> [Data entries]:
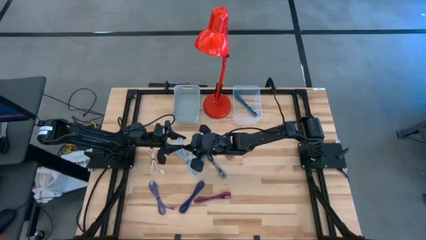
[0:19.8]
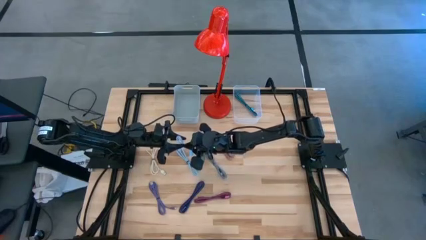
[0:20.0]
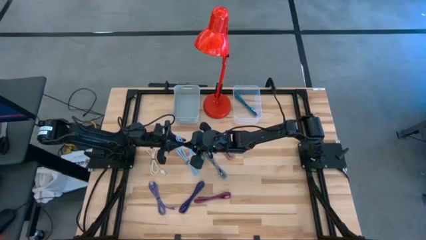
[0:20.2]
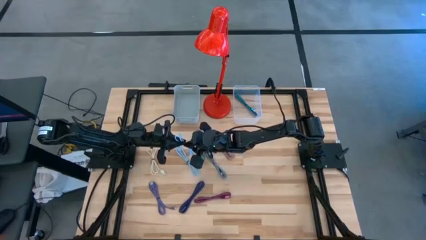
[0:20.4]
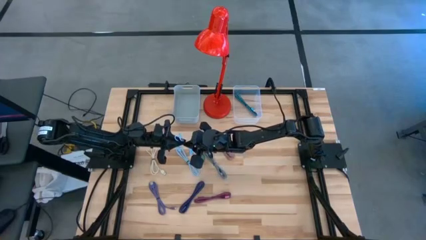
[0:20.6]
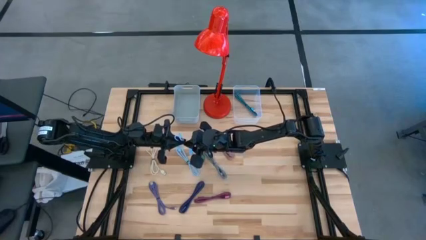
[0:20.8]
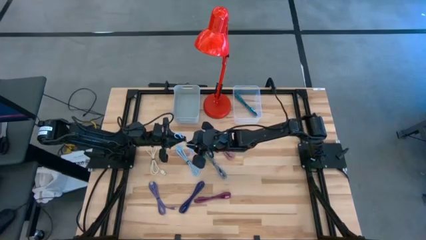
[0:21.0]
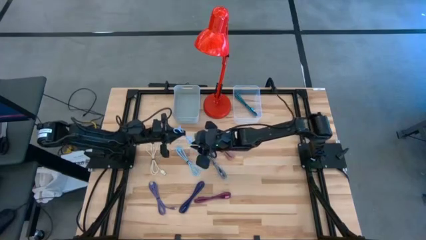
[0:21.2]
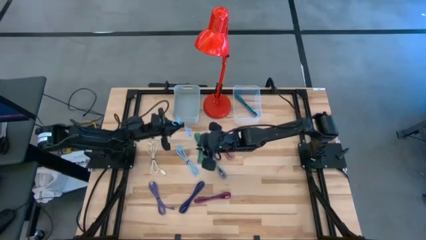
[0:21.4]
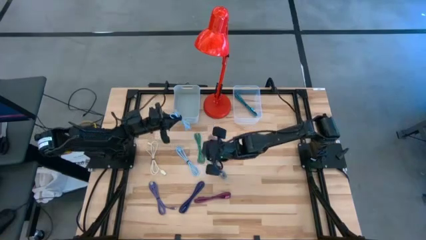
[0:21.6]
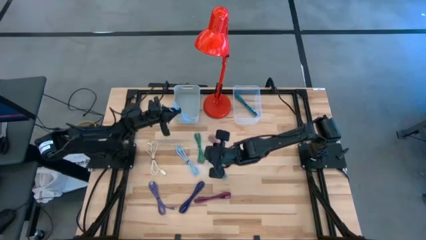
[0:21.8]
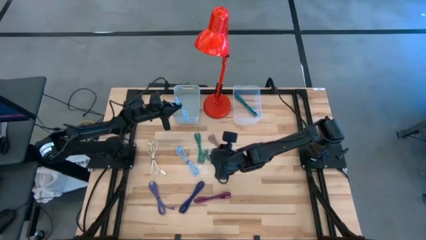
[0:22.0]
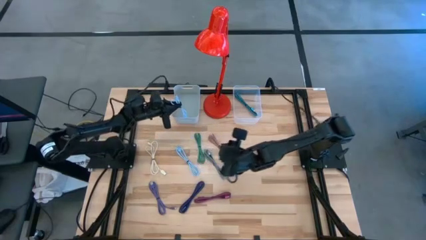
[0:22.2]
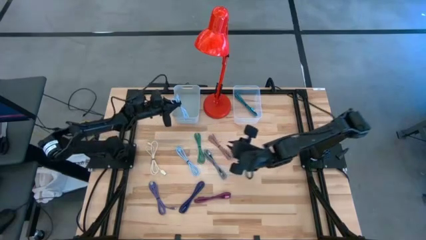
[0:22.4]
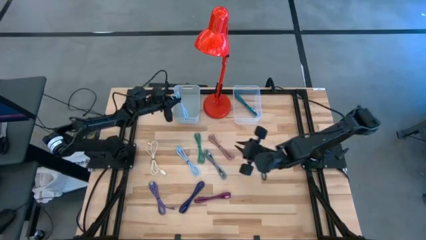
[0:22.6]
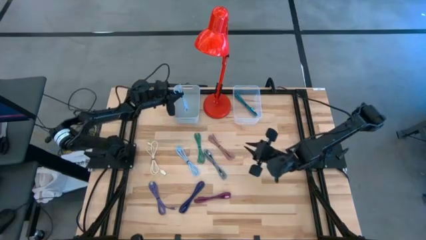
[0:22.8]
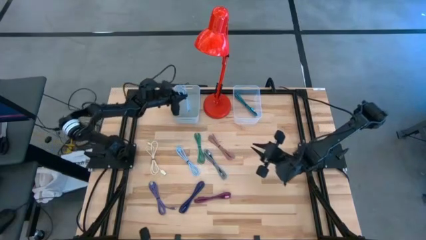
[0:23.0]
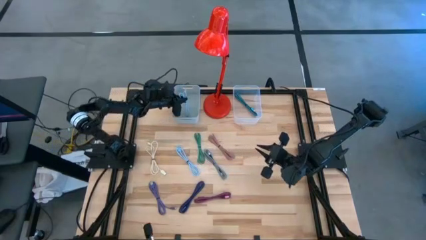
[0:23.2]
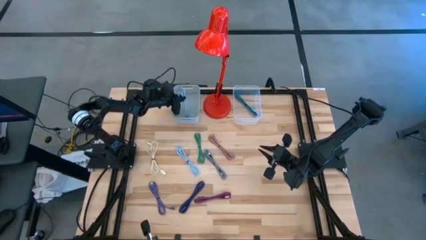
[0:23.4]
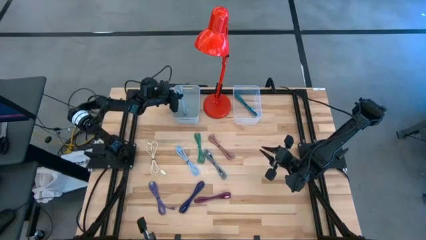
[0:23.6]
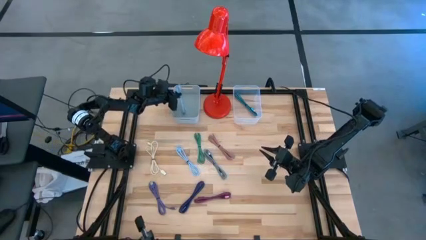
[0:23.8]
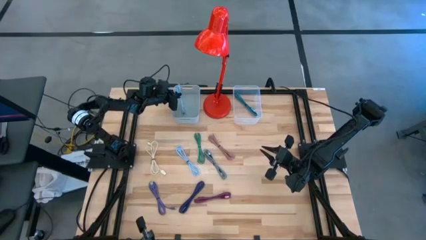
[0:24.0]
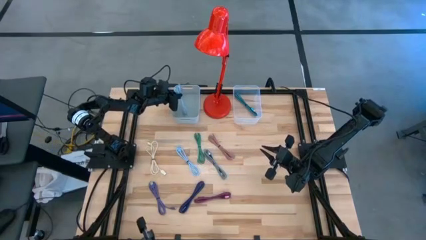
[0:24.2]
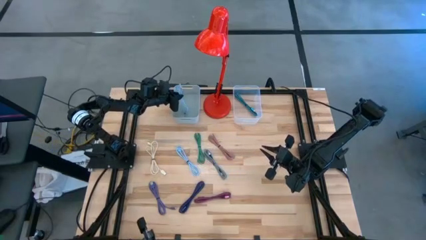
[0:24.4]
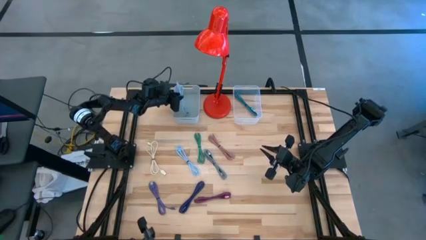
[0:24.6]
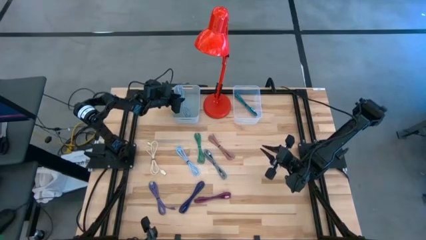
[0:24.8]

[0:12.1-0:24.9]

> [What you should do]: Leave the pictures out and reproduce every record above exactly.

> [Exercise result]:
[0:19.8]
[0:20.0]
[0:20.2]
[0:20.4]
[0:20.6]
[0:20.8]
[0:21.0]
[0:21.2]
[0:21.4]
[0:21.6]
[0:21.8]
[0:22.0]
[0:22.2]
[0:22.4]
[0:22.6]
[0:22.8]
[0:23.0]
[0:23.2]
[0:23.4]
[0:23.6]
[0:23.8]
[0:24.0]
[0:24.2]
[0:24.4]
[0:24.6]
[0:24.8]

[0:12.1-0:24.9]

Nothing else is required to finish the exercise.